*TASK INSTRUCTIONS*.
The entries that follow need to be reproduced exactly, minus any images.

*PROVIDED INFORMATION*.

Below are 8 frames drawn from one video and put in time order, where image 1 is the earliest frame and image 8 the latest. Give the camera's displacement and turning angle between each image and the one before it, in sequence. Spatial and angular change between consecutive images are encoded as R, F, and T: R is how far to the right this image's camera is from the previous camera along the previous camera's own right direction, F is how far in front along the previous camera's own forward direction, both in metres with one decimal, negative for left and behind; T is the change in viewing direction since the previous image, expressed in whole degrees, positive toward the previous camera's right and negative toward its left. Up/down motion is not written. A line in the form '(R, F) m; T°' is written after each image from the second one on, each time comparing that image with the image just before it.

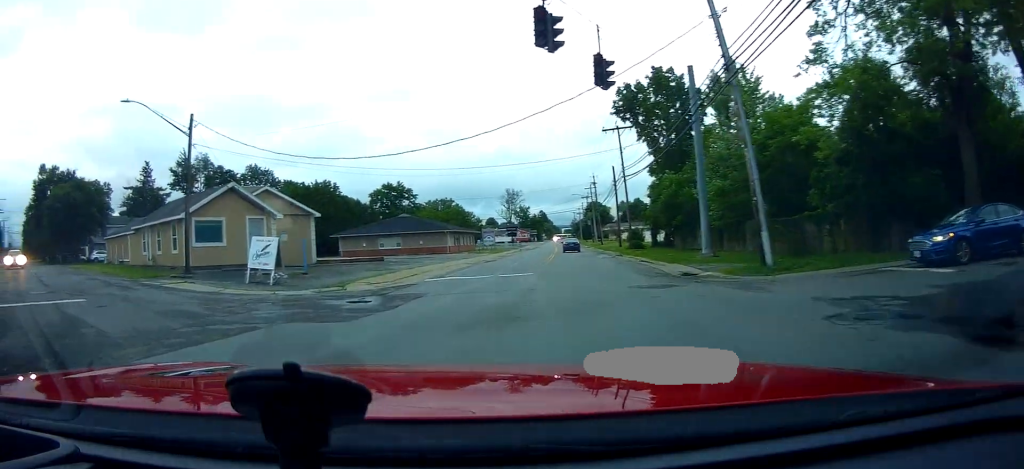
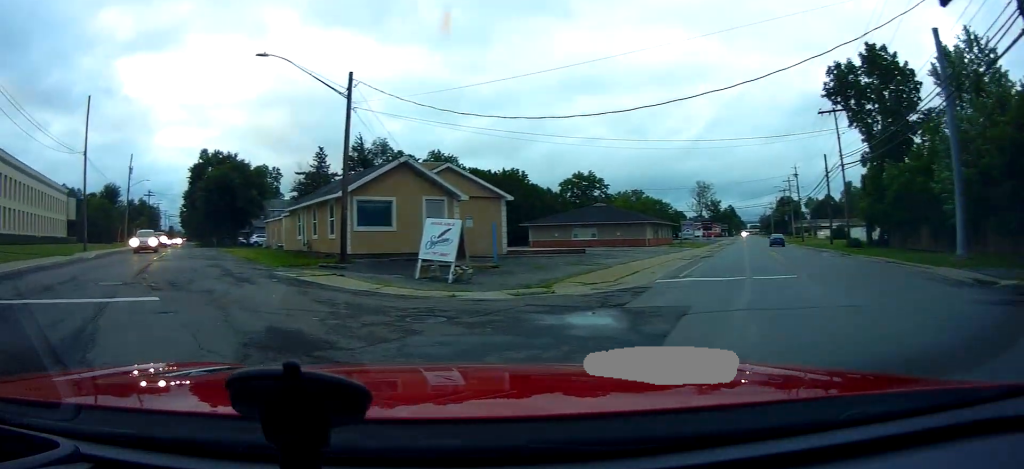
(-0.6, +5.3) m; -14°
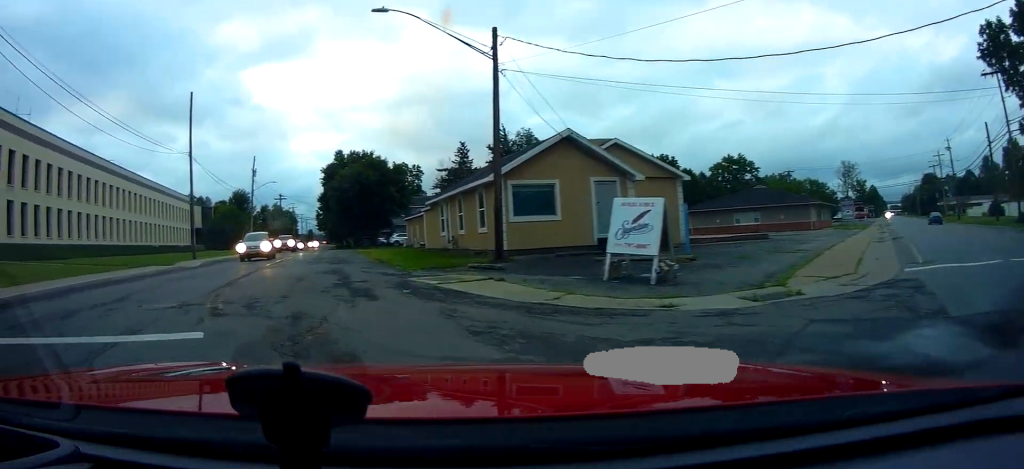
(-0.2, +4.2) m; -12°
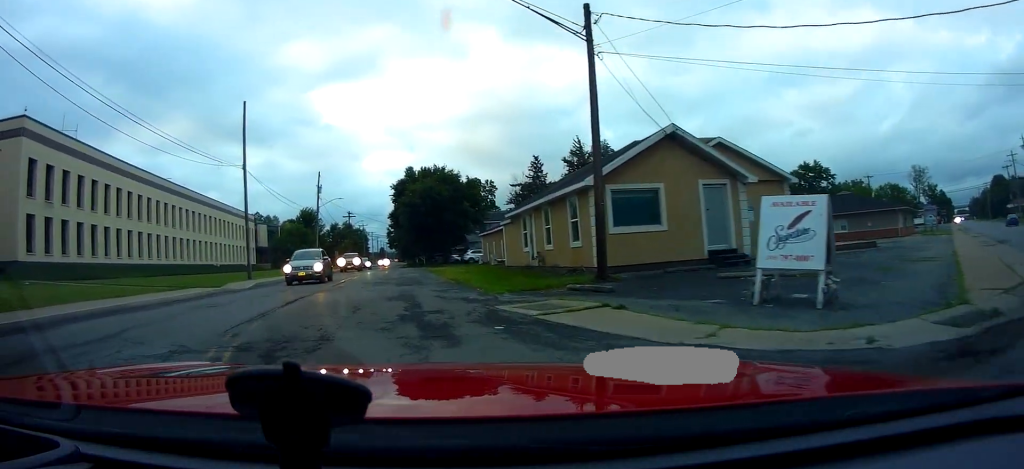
(-0.4, +2.8) m; -9°
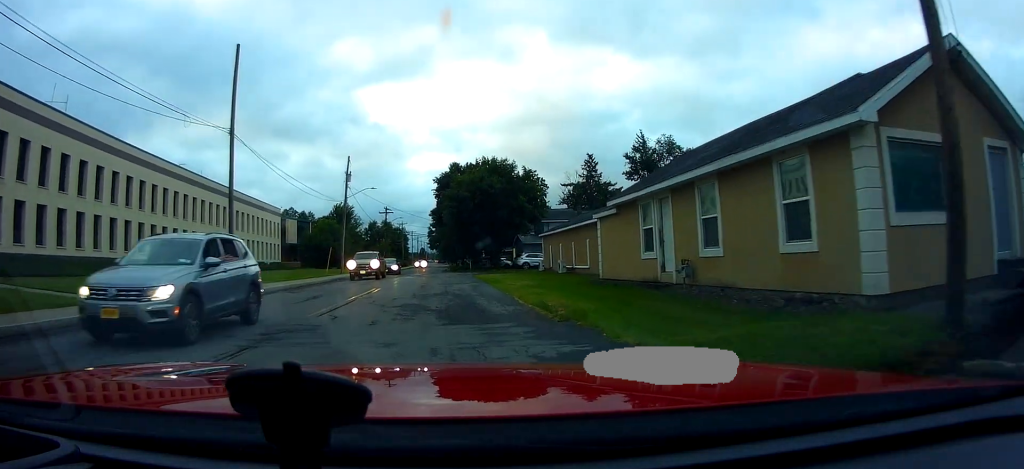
(-1.5, +9.2) m; -12°
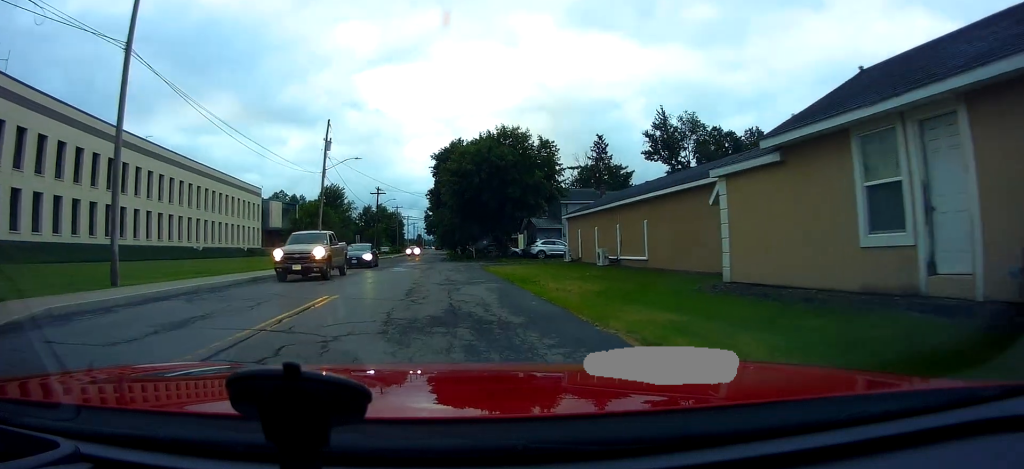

*EXPECTED ANSWER*.
Below are 8 frames drawn from one video and put in time order, where image 1 is the earliest frame and image 8 the latest. Give the camera's displacement and turning angle between each image and the one before it, in sequence. Spatial and angular change between consecutive images are encoded as R, F, and T: R is how far to the right this image's camera is from the previous camera along the previous camera's own right direction, F is how far in front along the previous camera's own forward direction, both in metres with one decimal, negative for left and behind; T is the change in viewing direction since the previous image, expressed in whole degrees, positive toward the previous camera's right and negative toward its left. Up/down motion is not written. A line in the form '(R, F) m; T°' is written after each image from the second one on, each time comparing that image with the image just before it.

(-0.6, +5.3) m; -14°
(-0.2, +4.2) m; -12°
(-0.4, +2.8) m; -9°
(-1.5, +9.2) m; -12°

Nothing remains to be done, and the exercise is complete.